In the example provided for regularization with cost function being a function of degree 4, sir said that we could add 1000((w_3)^2) + 1000((w_4)^2) to the cost function and we were not disturbing the other parameters (w_1)^2 and (w_2)^2.
We did this because we wanted less values for the coefficients of x^3 and x^4 to avoid over fitting,right?
If yes, then why the generalized cost function has the same lambda for all the squared values of weights i.e., lambda * ( (w_1)^2 + (w_2)^2 + (w_3)^2 + … (w_n)^2) ? Why didn’t we have different values of lambda for different weight parameters?
Hello @shubby007,
You are correct. In that specific function, the idea behind using a lambda of 1000 is to reduce the contribution of the x^3 and x^4 features to the output. Here, we can visualize the shape of the expected function.
In practice, you might have multiple independent features and in most cases, it’s not possible to visualize the expected output function. As Prof. Andrew explains in the next slide, it may not be possible to decide beforehand which features are important. So usually, a single regularization parameter is used to penalize all the weights, leading to a function that is less prone to overfitting.
You could use different values of the regularization parameter lambda for each feature - say lambda1, lambda2, lambda3 to lambdaN for each of the weights. You will have more hyperparameters to tune instead of a single value of lambda. You could experiment with your datasets and determine if it’s worth the effort.
Thank you Sir!
I have a few more queries…
→ Firstly, lets say that we don’t have over fitting in our model. So, by adding the regularization constraint to the cost function are we maybe decreasing the accuracy of our resultant weight parameters?
→ Secondly, is regularization kind of a precaution irrespective of whether we encounter over fitting or not?
→ Thirdly, how do lower values of weight parameters contribute to a better model?
Thanks again
Firstly, lets say that we don’t have over fitting in our model. So, by adding the regularization constraint to the cost function are we maybe decreasing the accuracy of our resultant weight parameters?
Here’s a slide from Week 3 of the Advanced Learning Algorithms course in this specialization:
If the model doesn’t overfit the data, then we have two cases:
The model is a good fit - The current regularisation parameter gives low error rates on both the training and cross-validation data.
The model under fits the data - We have a high bias here and high error rates on both the training and cross-validation data. Increasing the value of the regularization parameter would result in a higher error rate so we lower the value of lambda
to increase the accuracy of the model.
Secondly, is regularization kind of a precaution irrespective of whether we encounter over fitting or not?
Regularization is a good practice to reduce the issue of high variance(overfitting the data) in the model. When we have a model with a sufficient learning capacity, the model may overfit the data.
Thirdly, how do lower values of weight parameters contribute to a better model?

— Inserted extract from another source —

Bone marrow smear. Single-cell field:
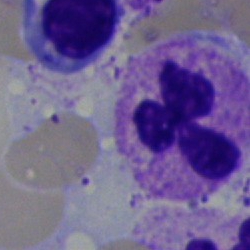The cell shown is a polymorphonuclear neutrophil.

High values of the weight parameters make the model sensitive - small changes in the inputs can lead to large changes in the output. It can be a sign of overfitting and the model fails to generalize over new data.
The topic of bias and variance is covered in depth in Week 3 of the Advanced Learning Algorithms course in this specialization. This will help deepen your understanding of bias and variance(including the use of regularization).